Find A California Labor Lawyer for Rest and Meal Break Claims
Non-exempt employees have a right to a thirty-minute lunch or meal break. If a worker/employee works more than five hours per day, this criterion applies. Employers should provide a second 30-minute meal break to employees who work more than ten hours per day. Set up an appointment with an Employment Law Attorney in California to help you.
Who Are Entitled To California's Meal and Rest Period Law?
The meal and rest break laws, like the California overtime legislation, only apply to non-exempt employees. White-collar exempt employees make up the majority of non-exempt employees in California.
It must also be clear that the employee uses independent judgment and discretion regularly when performing their job. If a white-collar exempt employee works full-time, they must earn at least twice the California minimum wage.
Meal and rest break laws in California do not apply to workers who fit the legal definition of an independent contractor. In some cases, the meal and rest break restrictions may not apply to unionized staff.
For unionized employees who work in specified industries, collective bargaining agreement rules on meal and rest periods may overrule California regulations.
For any confusion, ask your California Employment Law Attorney.
You Should Not Be Working On Your Rest And Meal Breaks
According to the law, an employer cannot force an employee to work or be on call during a meal or rest break. If your employer asks or requires you to work while eating, you have the legal right to refuse. Likewise, if your boss tells you to stay on call during a break, you have the right to refuse. The legal equivalent of denying employees their meal or rest breaks if an employer makes such requirements.
It's vital to remember that it's not the employer's responsibility to make sure you don't work during your meal or rest break. Likewise, the employer is not liable for an employee's behavior if they decide to work during their meal break.
When You Have Meal Breaks While on Duty
"On duty" meal periods may apply in specific cases. If the nature of your job prohibits you from receiving relieve from tasks, you may be entitled to an "on duty" meal break.
An employee can also make a written agreement to stay on duty or at work during meal times. If an employee enters into the aforementioned agreement, they have the right to rescind it at any moment.
Can Your Boss Deny You Rest And Meal Breaks?
In California, an employee can sue their employer if they are denied a food or rest break. Under the terms of the Labor Code or labor regulations, an employee has the right to sue their employer. The majority of wage and hour class action lawsuits center on employers' refusal to provide employees with food breaks and rest periods.
If an employer refuses to allow a meal break, the employee must be compensated or paid. If an employer denies an employee a break, they are entitled to one hour's salary. For example, if your employer refuses you a lunch or rest break for the entire year of your employment, you are entitled to adequate compensation.
In most cases, a year's worth of pay equals 250 hours of work. The amount of remuneration is determined by the employee's usual pay rate. The hourly compensation is set to match an employee's hourly wage.
If an employer fails to provide breaks, an employee might collect up to one hour every workday in compensation for the time lost. As a result, an employee can earn two extra hours of settlement for a 12-hour work shift with no breaks for lunch or relaxation. One hour will be used to make up for the lunch break, while the other hour will be used to make up for the meal break.

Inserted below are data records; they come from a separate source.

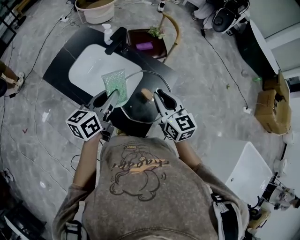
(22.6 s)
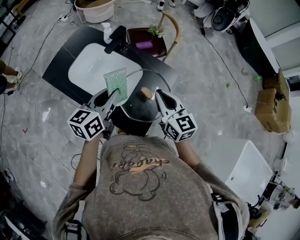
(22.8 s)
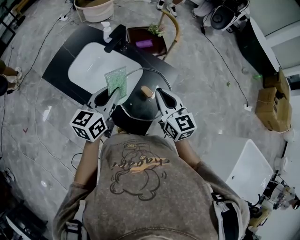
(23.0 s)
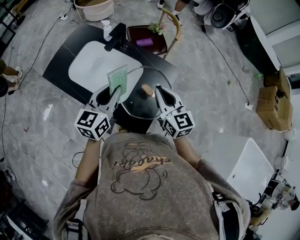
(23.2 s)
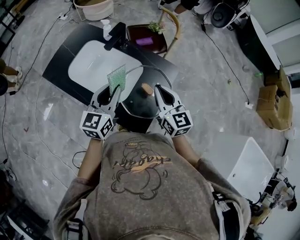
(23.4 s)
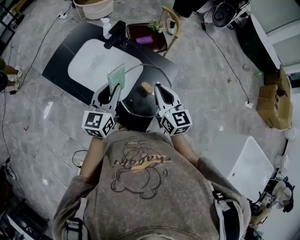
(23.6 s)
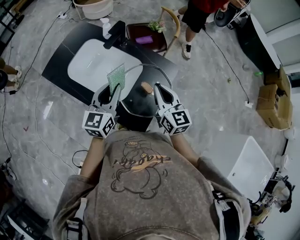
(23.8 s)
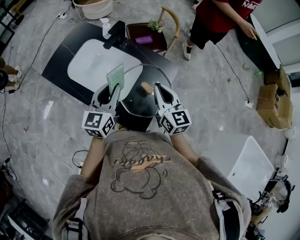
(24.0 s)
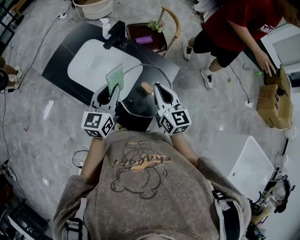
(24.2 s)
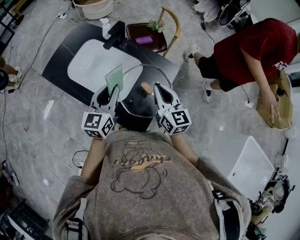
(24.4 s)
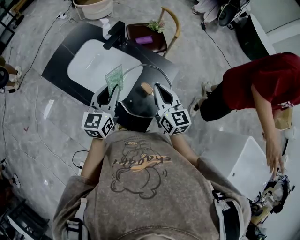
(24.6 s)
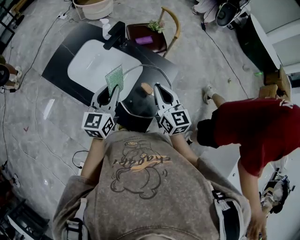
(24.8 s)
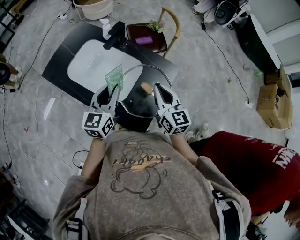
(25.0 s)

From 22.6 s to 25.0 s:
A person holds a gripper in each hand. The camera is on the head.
From 22.6 s to 23.8 s: The left gripper swivels about 30 degrees.
From 23.8 s to 25.0 s: The two grippers keep their place.

Employers must provide sufficient rest areas for employees during rest breaks, according to the legislation. In addition, the resting space and the restrooms should be kept separate.
Is It Paid or Unpaid to Take a Meal Break?

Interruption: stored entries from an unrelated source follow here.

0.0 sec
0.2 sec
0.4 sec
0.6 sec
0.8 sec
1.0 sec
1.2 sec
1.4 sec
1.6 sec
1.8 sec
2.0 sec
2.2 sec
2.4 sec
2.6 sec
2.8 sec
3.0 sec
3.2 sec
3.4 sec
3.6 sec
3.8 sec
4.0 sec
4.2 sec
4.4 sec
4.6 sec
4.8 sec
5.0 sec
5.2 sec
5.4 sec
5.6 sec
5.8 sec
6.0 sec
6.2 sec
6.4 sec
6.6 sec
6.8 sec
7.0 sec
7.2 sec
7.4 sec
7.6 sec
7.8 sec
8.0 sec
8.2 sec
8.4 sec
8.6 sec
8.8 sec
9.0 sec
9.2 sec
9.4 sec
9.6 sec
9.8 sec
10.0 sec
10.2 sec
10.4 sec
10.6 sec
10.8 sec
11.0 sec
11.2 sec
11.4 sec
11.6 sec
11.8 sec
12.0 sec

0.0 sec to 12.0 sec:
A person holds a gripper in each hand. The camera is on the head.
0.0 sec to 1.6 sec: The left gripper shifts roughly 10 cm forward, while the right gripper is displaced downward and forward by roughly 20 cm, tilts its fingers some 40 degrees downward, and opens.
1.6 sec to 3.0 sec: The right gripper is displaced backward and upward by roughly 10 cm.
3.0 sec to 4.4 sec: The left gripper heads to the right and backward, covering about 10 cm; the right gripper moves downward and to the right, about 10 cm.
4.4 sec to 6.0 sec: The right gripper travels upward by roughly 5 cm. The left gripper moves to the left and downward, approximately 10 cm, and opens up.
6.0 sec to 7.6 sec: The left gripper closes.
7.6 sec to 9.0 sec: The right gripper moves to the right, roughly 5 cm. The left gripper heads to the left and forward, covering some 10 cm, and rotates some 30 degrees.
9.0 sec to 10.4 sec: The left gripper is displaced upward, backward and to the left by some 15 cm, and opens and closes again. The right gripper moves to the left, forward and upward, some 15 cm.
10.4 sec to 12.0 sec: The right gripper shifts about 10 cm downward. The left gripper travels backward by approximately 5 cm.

The law does not require employers to compensate employees for their lunch and rest breaks. Although some firms offer paid meal breaks to their employees, California does not require it.
An employee may choose not to take a lunch break, particularly if the person is not paid during the break. Instead, the employee could choose to work during the meal or rest period to get home earlier. However, if a person works more than six hours a day, they must take a lunch break.

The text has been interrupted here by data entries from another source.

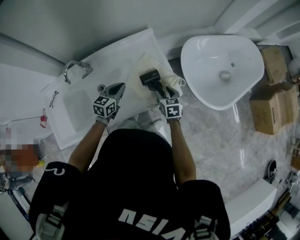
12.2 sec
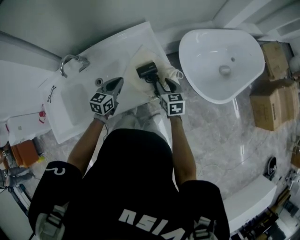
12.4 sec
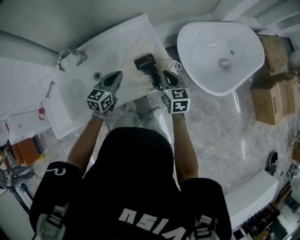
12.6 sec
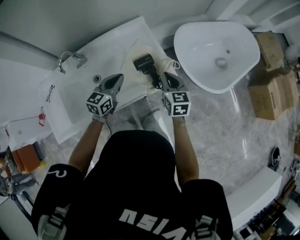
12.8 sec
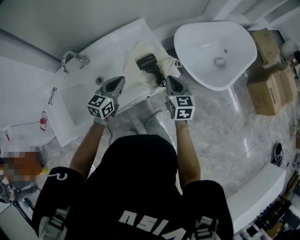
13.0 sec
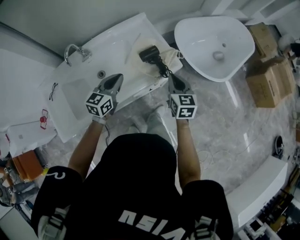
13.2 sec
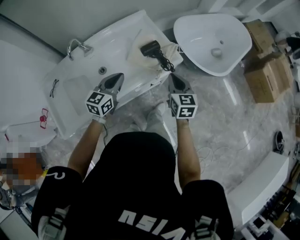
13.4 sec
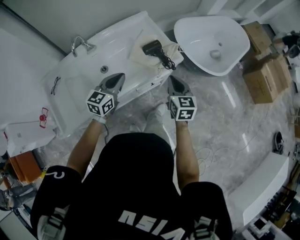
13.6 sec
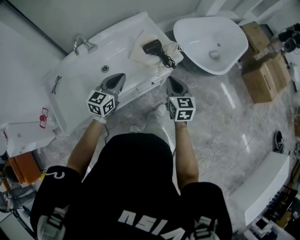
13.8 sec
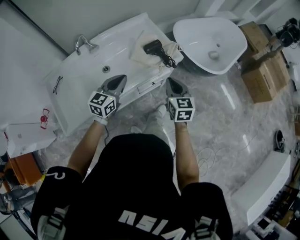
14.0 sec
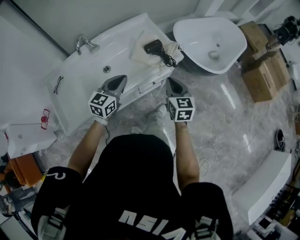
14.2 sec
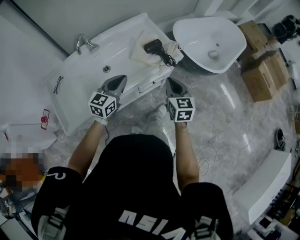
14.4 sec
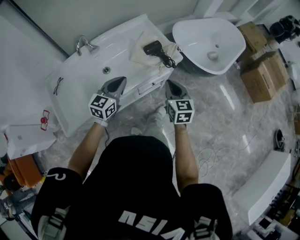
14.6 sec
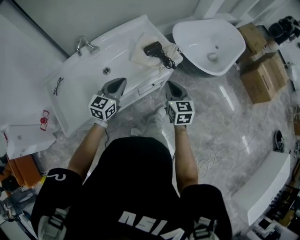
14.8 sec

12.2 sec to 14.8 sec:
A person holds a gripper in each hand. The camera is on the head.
12.2 sec to 13.4 sec: The grippers both shift backward and upward by roughly 20 cm. The right gripper changes its angle by roughly 20 degrees, and closes.
13.4 sec to 14.8 sec: The two grippers go about 10 cm backward.

Even if the workplace is busy, companies cannot cancel employees' meal breaks under the law. When an employer summons an employee from a lunch break and tells them to return to work, it is the same as denying them a rest break. California labor regulations make it illegal to deny an employee a well-deserved rest period.
If you feel like you might have grounds, contact a California Labor Law Attorney to file claims.
Meal And Rest Breaks Under Federal Law
Employers are required by federal law to pay employees for all hours worked. This includes any periods designated by the employer as rest periods. For example, if an employee is required to work during a meal break, federal law mandates that the employee be compensated.
For the time spent working during the meal break, the receptionist must be compensated. A repairman who picks up takeout while driving to a job site is in the same situation. Even if the employer considers the time to be a lunch break, an employee must be compensated as long as they work.